7. The JMeter-based website data automatic crawling method as claimed in claim 4, wherein in step (6), the process of crawling data in batches further comprises preventing the same request from being repeatedly executed, and the specific method for preventing the same request from being repeatedly executed comprises: target data and target page numbers needing to be crawled are found through analysis of interface response data, a circulation controller is arranged at a request page number level, circulation times are set through the circulation controller according to the target page numbers, a counter is added under the circulation controller, the increment is set to be 1, the counter is automatically added every time the request is executed, and the execution is finished when the output value of the counter is equal to the target page numbers.
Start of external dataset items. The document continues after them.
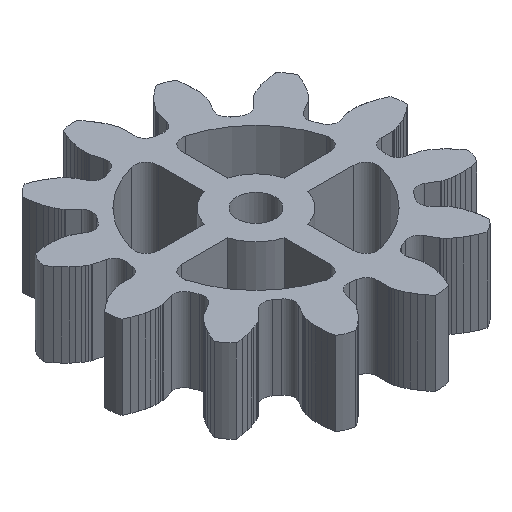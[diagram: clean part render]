
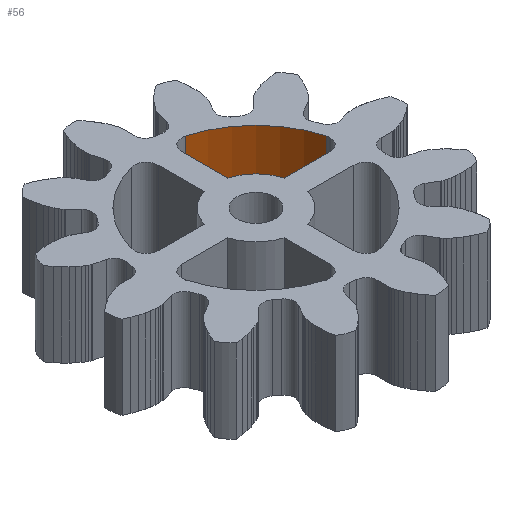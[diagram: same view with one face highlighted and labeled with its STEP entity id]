
A CAD part, isometric view. The second image highlights one B-rep face of the part: STEP entity #56.
In plain terms, the highlighted cylindrical face has radius 8.5 mm (diameter 17 mm), a partial arc.
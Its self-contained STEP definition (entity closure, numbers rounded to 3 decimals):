
#56=ADVANCED_FACE('',(#439),#441,.F.);
#439=FACE_BOUND('',#440,.T.);
#440=EDGE_LOOP('',(#3240,#3241,#3242,#3243));
#441=CYLINDRICAL_SURFACE('',#442,8.5);
#442=AXIS2_PLACEMENT_3D('',#443,#444,#445);
#443=CARTESIAN_POINT('',(0.,0.,0.));
#444=DIRECTION('',(0.,0.,1.));
#445=DIRECTION('',(-1.,0.,0.));
#3240=ORIENTED_EDGE('',*,*,#5104,.F.);
#3241=ORIENTED_EDGE('',*,*,#5078,.F.);
#3242=ORIENTED_EDGE('',*,*,#5105,.F.);
#3243=ORIENTED_EDGE('',*,*,#4761,.F.);
#4761=EDGE_CURVE('',#5992,#5995,#5996,.F.);
#5078=EDGE_CURVE('',#6627,#6619,#6629,.T.);
#5104=EDGE_CURVE('',#6619,#5992,#6668,.T.);
#5105=EDGE_CURVE('',#5995,#6627,#6669,.F.);
#5992=VERTEX_POINT('',#8184);
#5995=VERTEX_POINT('',#8190);
#5996=CIRCLE('',#8191,8.5);
#6619=VERTEX_POINT('',#9490);
#6627=VERTEX_POINT('',#9508);
#6629=CIRCLE('',#9513,8.5);
#6668=LINE('',#9614,#9615);
#6669=LINE('',#9617,#9618);
#8184=CARTESIAN_POINT('',(2.267,8.192,7.));
#8190=CARTESIAN_POINT('',(8.192,2.267,7.));
#8191=AXIS2_PLACEMENT_3D('',#8192,#8193,#8194);
#8192=CARTESIAN_POINT('',(0.,0.,7.));
#8193=DIRECTION('',(0.,0.,1.));
#8194=DIRECTION('',(0.964,0.267,0.));
#9490=CARTESIAN_POINT('',(2.267,8.192,0.));
#9508=CARTESIAN_POINT('',(8.192,2.267,0.));
#9513=AXIS2_PLACEMENT_3D('',#9514,#9515,#9516);
#9514=CARTESIAN_POINT('',(0.,0.,0.));
#9515=DIRECTION('',(0.,0.,1.));
#9516=DIRECTION('',(0.964,0.267,0.));
#9614=CARTESIAN_POINT('',(2.267,8.192,0.));
#9615=VECTOR('',#9616,1.);
#9616=DIRECTION('',(0.,0.,1.));
#9617=CARTESIAN_POINT('',(8.192,2.267,0.));
#9618=VECTOR('',#9619,1.);
#9619=DIRECTION('',(0.,0.,1.));

8. The JMeter-based website data automatic crawling method as claimed in claim 7, wherein in step (6), the process of crawling data in batch further comprises crawling of nested webpage data, the nested pages comprise a first level page and a second level page, and the specific method for crawling of nested webpage data comprises:

9. The JMeter-based website data automatic crawling method as claimed in claim 8, wherein in step (6), the specific method for crawling data in batches and outputting and saving the data comprises: adding a post processor BeanShell Postprocessor under a request data level, acquiring parameters by a vars.get method, expanding a commodity identification array in the BeanShell Postprocessor to obtain target data, and sequentially storing the target data in a target file.